Письмо это хранилось в копии у г. Краевского, пылавшего тогда благородным негодованием против всяких нелитературных выходок.

Несколько месяцев спустя после этого я заехал к В. И. Панаеву.

– Что у тебя такое было с Булгариным? – спросил он меня.

Я давно забыл о выходке «Пчелы».

– Ничего, – отвечал я, – я с Булгариным не имею никаких связей и сношений; а что?

– Да я дней пять тому назад встретил его в Милютиных лавках. Он пристал ко мне. «Ваше превосходительство, говорит, вы на меня сердитесь… Я не виноват…» – «За что мне на вас сердиться?» – «В „Пчеле“, говорит, оскорбили вашего племянника; но я, клянусь вам богом, не знал об этом. Я вашего племянника люблю, ваше превосходительство, несмотря на то, что он якшается с моими врагами. Я поручил написать об нем одному сотруднику, думая, что он находится с ним в хороших отношениях, а он с ним в контре – он и ввел меня в эту неприятность. Простите меня, бога ради, не виноват, не виноват, ваше превосходительство!» И все тыкался мне в плечо и целовал, объясняясь в любви ко мне и к тебе. Я ничего хорошенько не понял.

Я рассказал Панаеву, в чем дело, и передал ему содержание письма Булгарина к Дундукову. Панаев покачал головою.

– Ах, неужели, – возразил он с свойственною ему мягкостию, – Булгарин такой нехороший человек! Я этого не думал… Мне как-то хочется думать об людях все лучше.

Эпилог к этой забавной истории разыгрался лет пять спустя.

Я жил на даче в Парголове, где жил тогда и Межевич, перешедший от г. Краевского к Булгарину и потом редижировавший «Полицейскими ведомостями».

С Межевичем я познакомился, когда он приехал из Москвы и сделался сотрудником «Отечественных записок» (об этом я буду говорить подробно). Межевич очень конфузился, перебежав в «Пчелу», и долго скрывал это от нас. В это время я написал статейку «Петербургский фельетонист», в которой мой фельетонист также тайно перебегает из одного журнала в другой. Межевич принял эту статейку на свой счет.

Я встретился с Межевичем по дороге в сад, и мы пошли вместе. Вечер был теплый и тихий; я разговорился с ним о чем-то. Тишина природы и моя любезность подействовали на Межевича.

Он вдруг, растроганный, остановился и произнес:

– Знаете ли, что я перед вами очень виноват?

– Каким образом? – спросил я.

– Ведь это я написал в «Пчеле» известный вам гадкий намек на вас.
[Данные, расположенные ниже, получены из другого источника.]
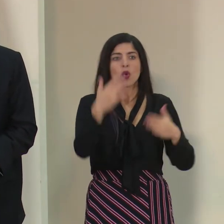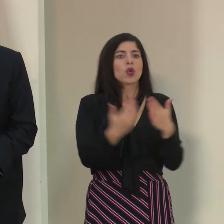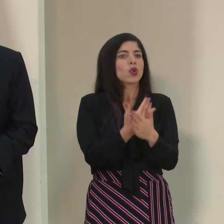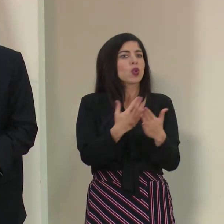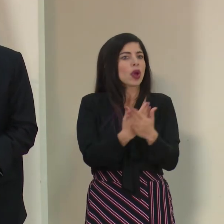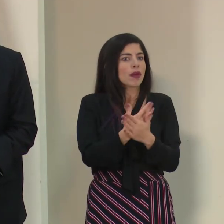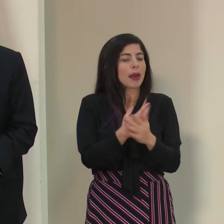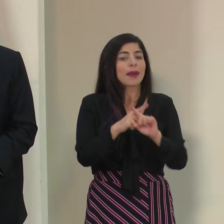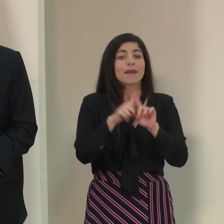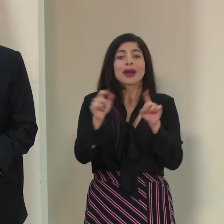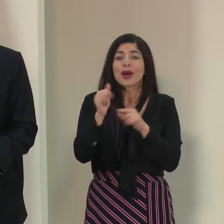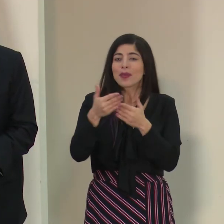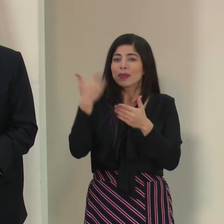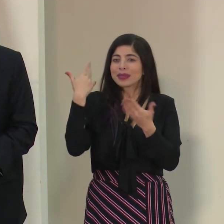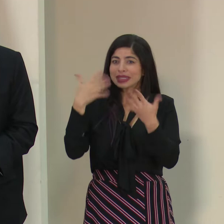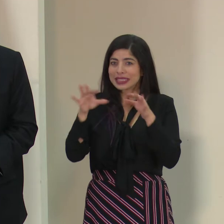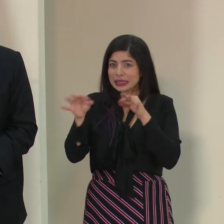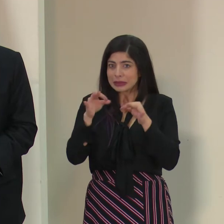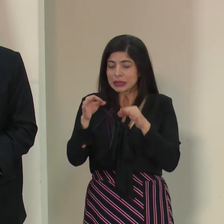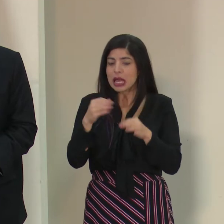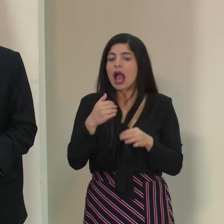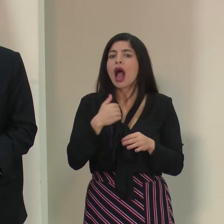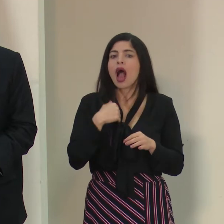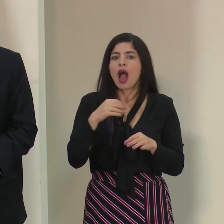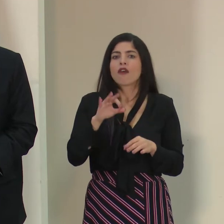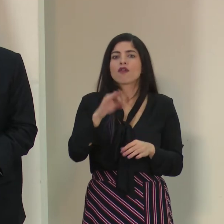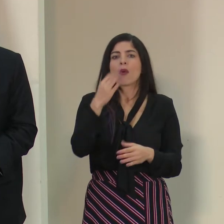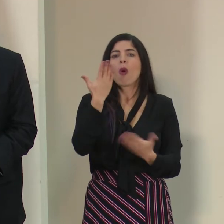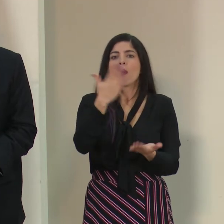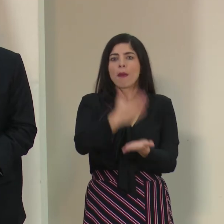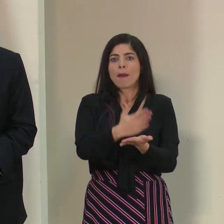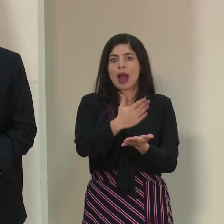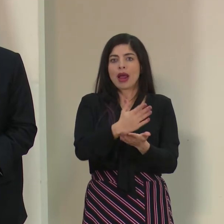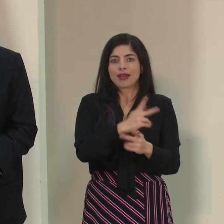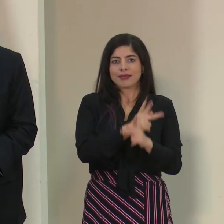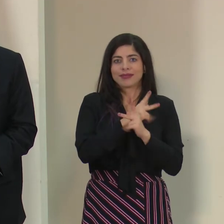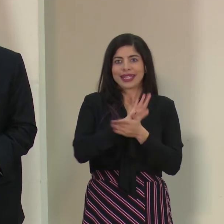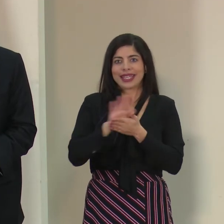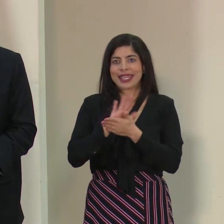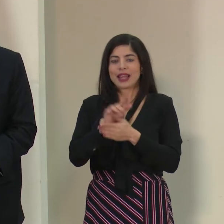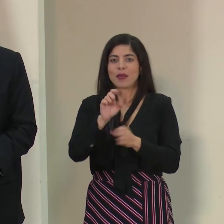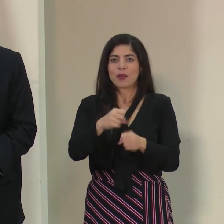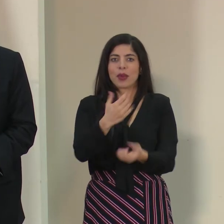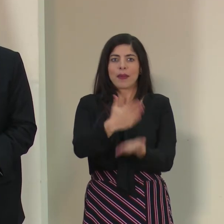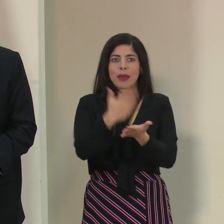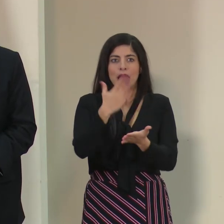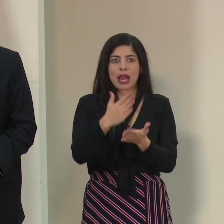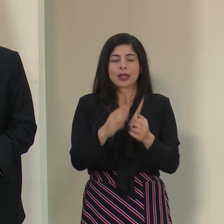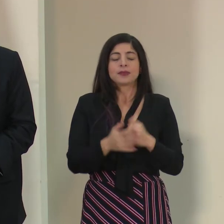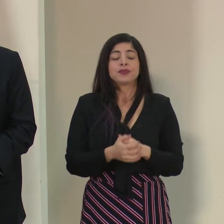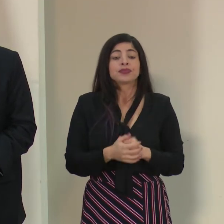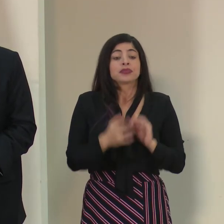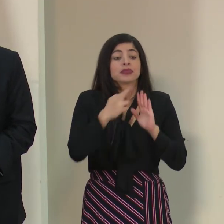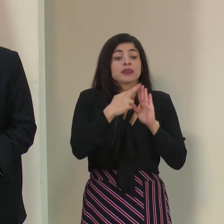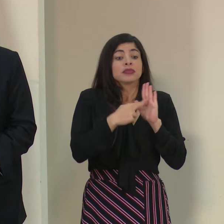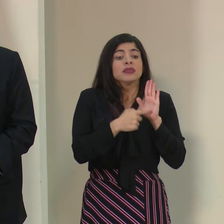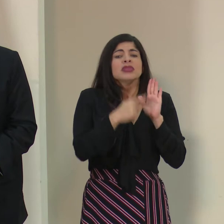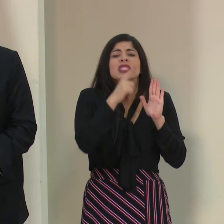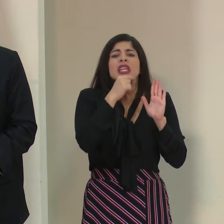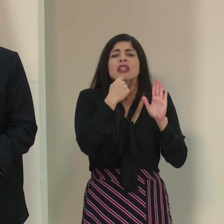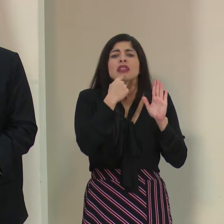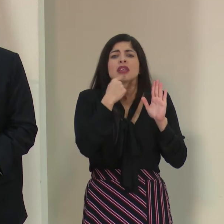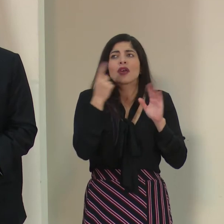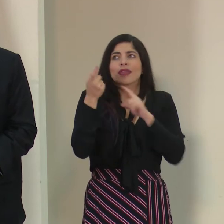como les decía, hay una forma de pararla y es con prevención e higiene. Los lineamientos los saca la OMS

Я был тогда глубоко оскорблен вашим «Петербургским фельетонистом», простите меня.

– И, полноте, любезный Василий Степанович, – я уж давно и забыл об этом, – отвечал я.

Межевич с чувством и даже со слезящимися глазами пожал мою руку…

Но обратимся к середам Кукольника.

Вся ватага гостей его расходилась обыкновенно около часа, – иногда Яненко или кто – нибудь из мелких литераторов, состоявших по особым поручениям при поэте, разными хитростями выживали гостей ранее. По очищении комнат накрывался ужин человек на двадцать самых интимных и продолжался до утра. За этим ужином происходили дружеские и всяческие излияния, выступала на сцену святыня искусства и раздавались вдохновенные и пророческие речи хозяина дома.

На одной из серед Кукольник часов в одиннадцать подошел ко мне, значительно мигнул и шепнул с улыбкою:

– Не уезжай. Когда разбредется вся эта шушера, останутся избранные. Вечера мои собственно начинаются тогда, когда они кончаются для них…

Кукольник указал головою на толпу гостей.

– До сих пор, – прибавил он, – была только увертюра, – самая опера начнется потом.

Надо заметить, что это происходило после «Роксоланы» и «Скопина-Шуйского», которые имели огромный успех на сцене. Усердие наше к крикам и хлопанью не уставало. К нам присоединилось еще множество офицеров различных полков – новых друзей поэта, с еще более громким голосом, чем у нас.